If your new here, start small - a little outdoor planter box with a few edible varieties or some herbs on your kitchen windowsill are more than enough to reap the benefits.
Order a veggie box
Veggie box schemes deliver fresh local (sometimes organic) produce right to your door, which will vary week to week based on availability and seasonality. While boxes are typically customisable, there’s loads of fun receiving a delivery of the seasonal unknown, and then getting creative in the kitchen using it up.
Keep in mind creativity doesn’t have to mean complicated - use what’s on hand to prepare a simple seasonal salad, colourful stir-fry, or oven-grilled bounty of veg.
Go old-school and preserve
Preserving is an activity that thrives on seasonal abundance, thriftiness, and completely embodies the waste-not-want-not philosophy. It’s all about taking whats in-season and typically surplus, and preserving it so you can enjoy it in the months to come. Think bottled peaches, aka sunshine in a bottle, over a steaming bowl of porridge during the cold winter.
Try your hand at a seasonal chutney or relish, sauerkraut, picked veggies or your own sun-dried tomatoes - you’ll feel so chuffed with yourself! Online has plenty of recipes or head to your local library for some great books on the topic.
Explore a new cuisine
Many cultures are replete with vegetarian-based meals, some forming the foundations of a cuisines - if you travel the world you might just find it to be a veggie-lovers oyster. Spice it up in the kitchen by trying new meals from different cuisines. Here’s some ideas:
Mexican: beans, beans beans, guacamole, tomato salsa…
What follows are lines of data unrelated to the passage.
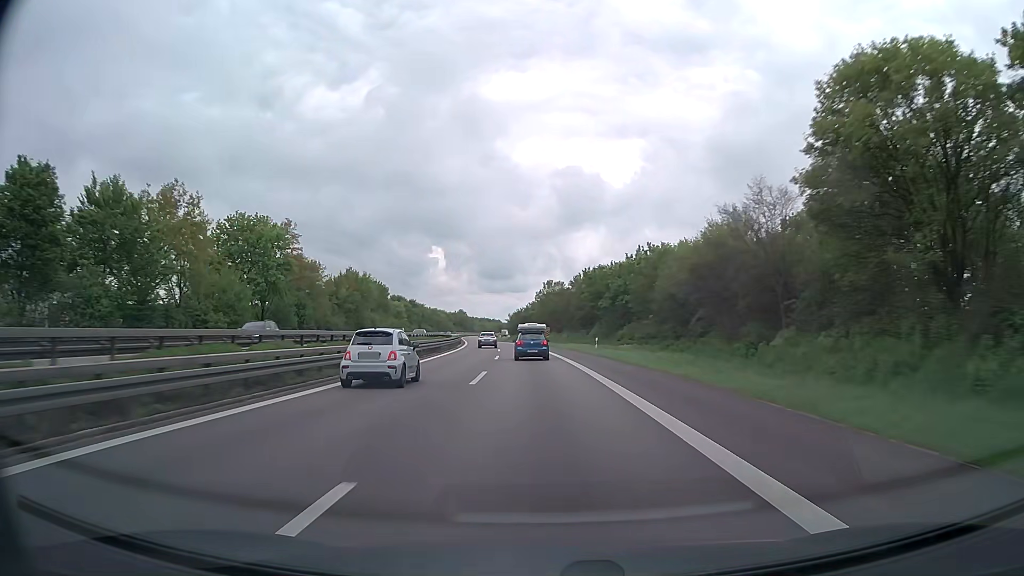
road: trunk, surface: asphalt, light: Day
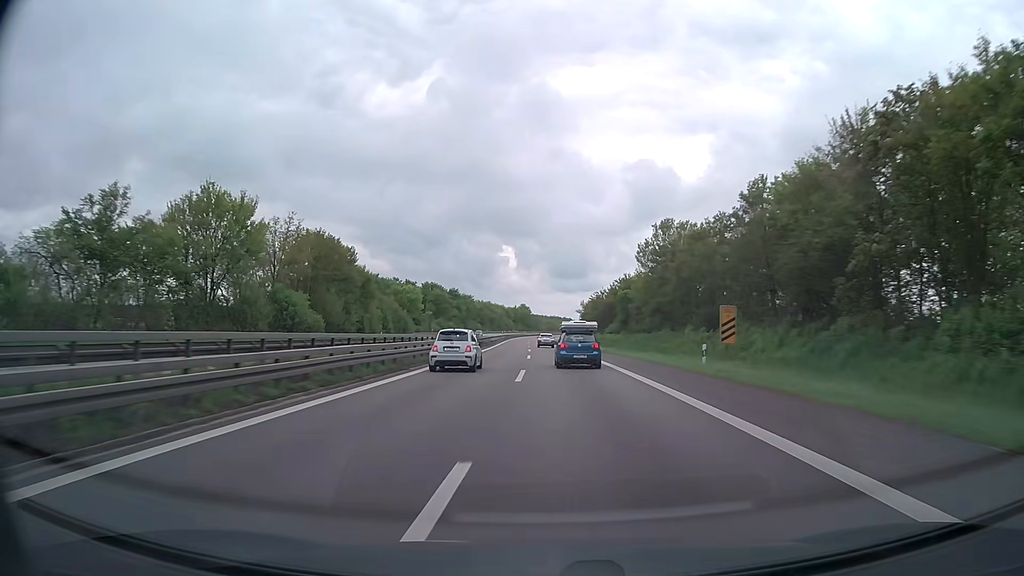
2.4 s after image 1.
(-3.8, +71.2) m; -6°
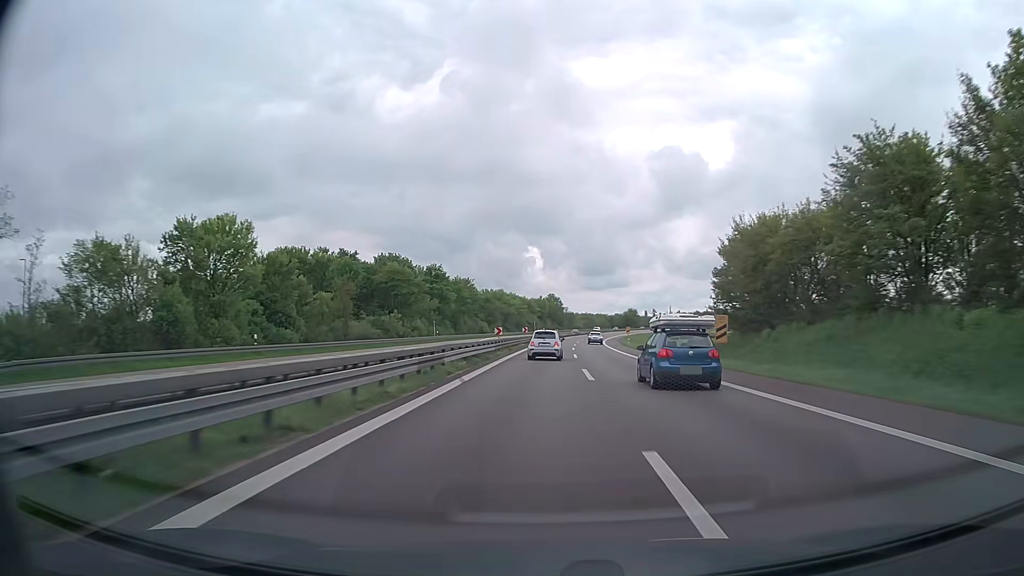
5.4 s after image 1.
(-3.0, +89.7) m; -3°
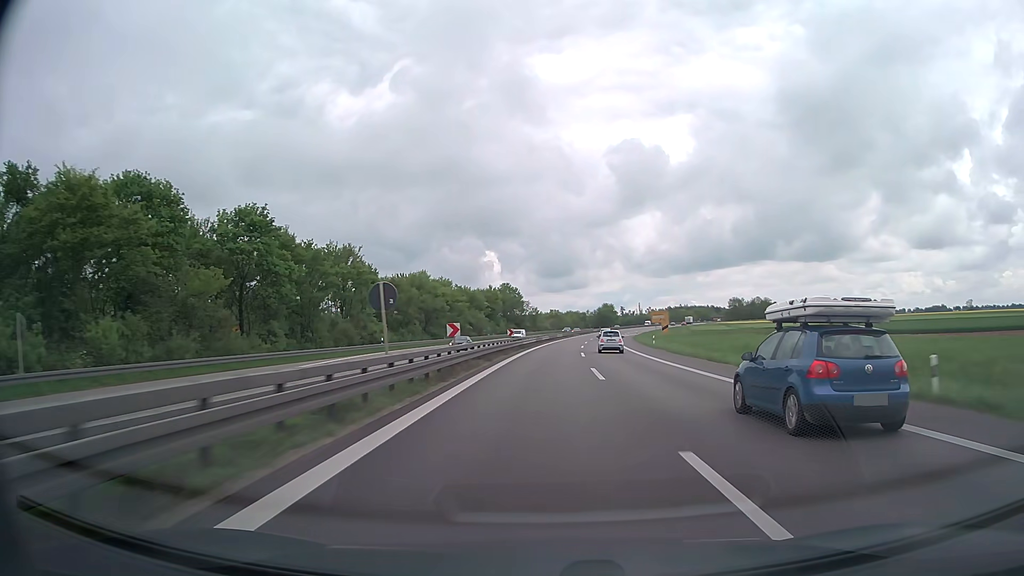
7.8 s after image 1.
(+1.6, +72.6) m; +3°
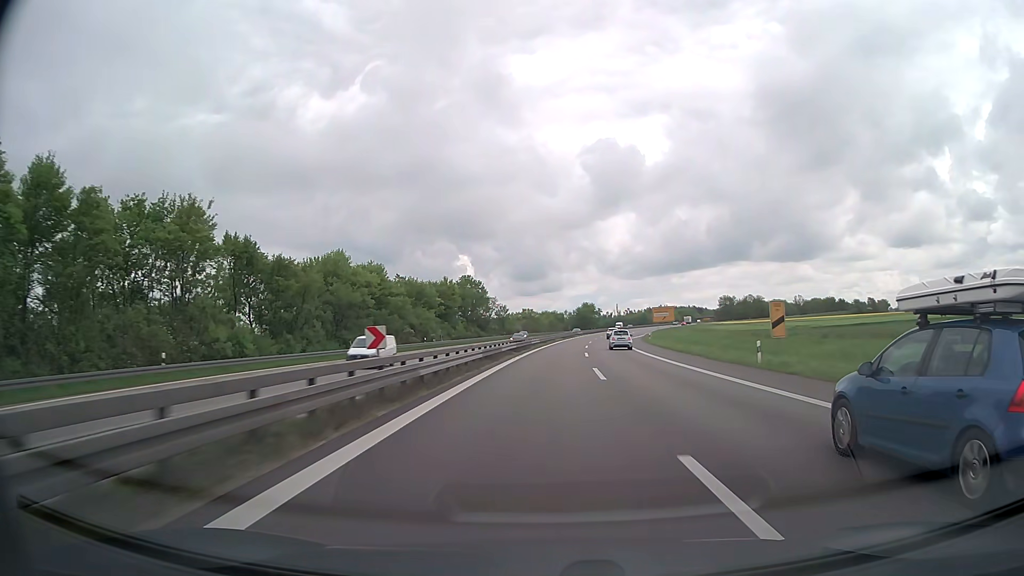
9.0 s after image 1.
(+0.7, +36.6) m; +2°
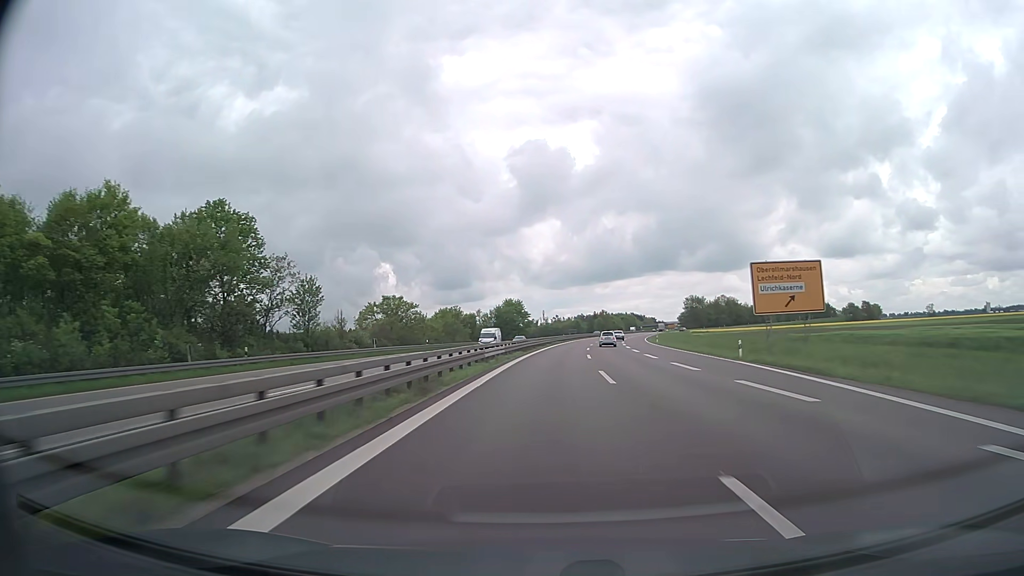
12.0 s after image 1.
(+5.2, +91.7) m; +7°
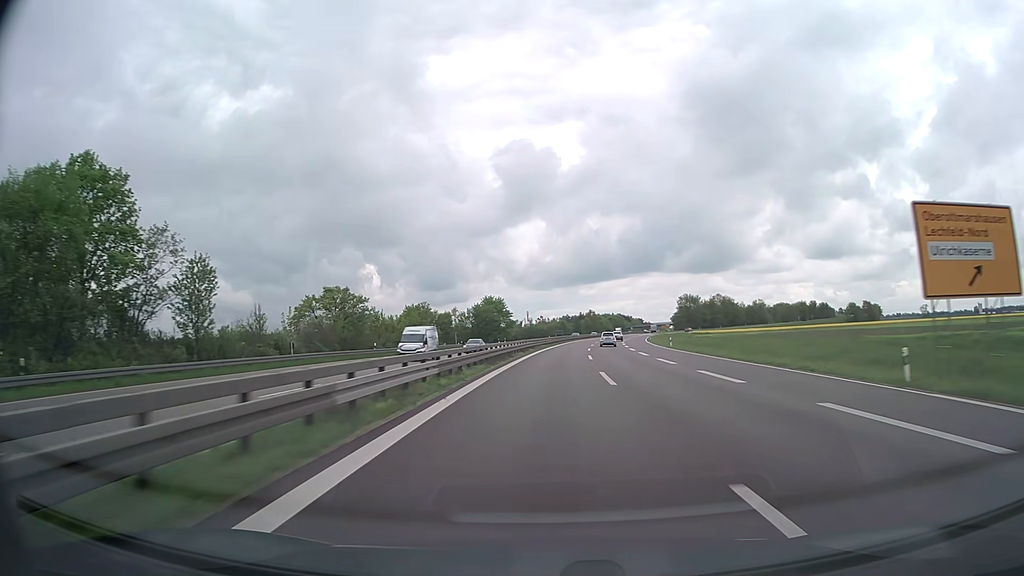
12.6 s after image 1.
(+0.2, +18.6) m; +1°
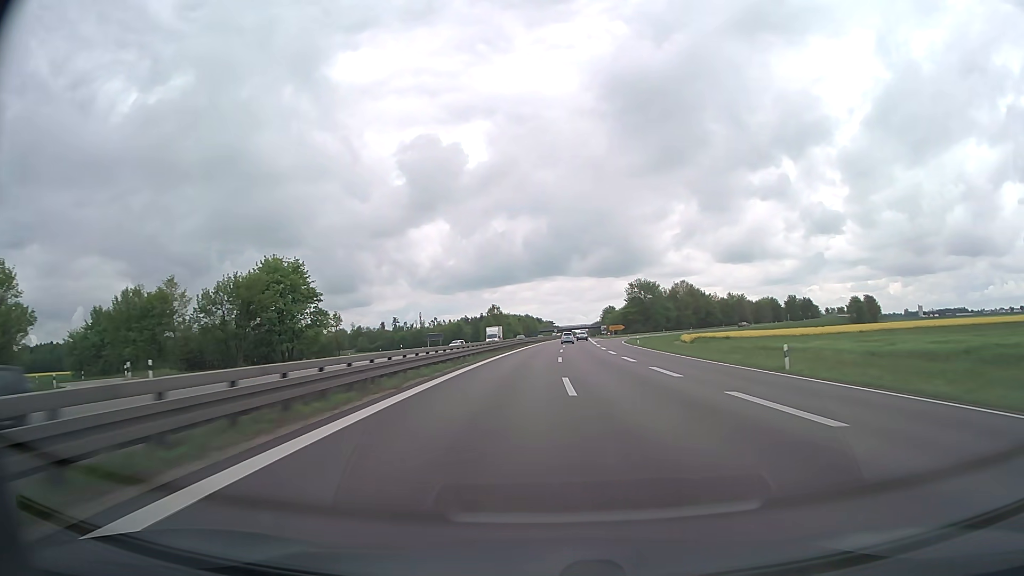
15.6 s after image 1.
(+6.5, +93.8) m; +8°
(0, +10) (0, +20) (+1, +30) (+1, +40) (+2, +50) (+2, +60) (+3, +70) (+4, +80) (+5, +90) (+5, +100) m

Middle Eastern: hummus, falafel, fattoush, tabbouleh, baba ghannouj…
Greek: spanakopita (spinach-filled pastry), dolmas…
Indian: dahl, chana masala (chickpeas and tomatoes), aloo gobi (cauliflower and potato), vegetable korma…
Play and get creative
There are some pretty nifty things you can do/replace with veg. Step outside the comfort zone with these creative takes on classic ideas:
Instead of a regular pizza base try a cauliflower pizza base. It still looks like pizza, tastes like pizza and you can even pick it up like pizza too. Here’s a recipe.
Instead of potato mash try sunshine mash. For a gloriously golden mash add sweet potato and carrot to the mix - it gives the traditional variety a run for its money in the taste department, while also adding colour and nutrients.
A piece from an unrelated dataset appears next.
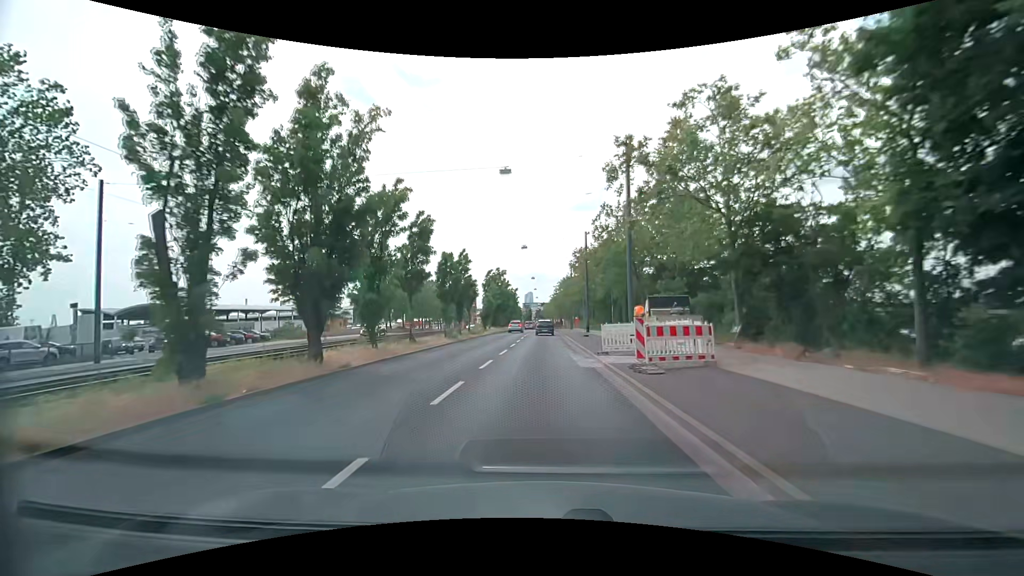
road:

Instead of noodles try sprialising! This which is when you turn veg into faux noodles. They have a similar look-feel to noodles, so are fabulous in pasta/noodle-based dishes. You’ll need a nifty machine called a spirliser to do so (it kind of looks like a giant pencil sharpener), which can be picked up cheap at homeware stores.
Instead of burger buns try a lettuce wrap. Use a big piece of lettuce as you would a burger bun - wrap it around the filling, and take a big juicy mouthful! Like spiralised veggies, these are ideal if you're on a lower-carb diet or would prefer a lighter meal.
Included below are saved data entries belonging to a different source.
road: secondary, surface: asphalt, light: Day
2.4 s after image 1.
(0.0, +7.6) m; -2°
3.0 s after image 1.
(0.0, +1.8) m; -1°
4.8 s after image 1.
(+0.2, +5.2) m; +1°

Make rainbow vegetable skewers. A fun way to literally ‘eat-the-rainbow’. Chop up different coloured veg into bite-sized pieces (e.g. red onion, capsicum, cauliflower, broccoli, cherry tomatoes), drizzle with oil, thread onto skewers, and then grill in the oven or over the BBQ.
Finally…perspective is everything
When when we eat to the recommended servings of veggies per day we’re supporting our general health across a plethora of avenues (e.g. weight management, preventing nutrient deficiencies, supporting bowel health and regularity, assisting hydration - the list is endless!), and also helping protect our future health, by reducing our risk of disease, like heart disease, stroke, and some cancers, like bowel (1).
The daily simple act of eating veg is an effective, safe and well-researched, way to help protect our health today and of the future.
So, to conclude - let’s all go snack on a carrot!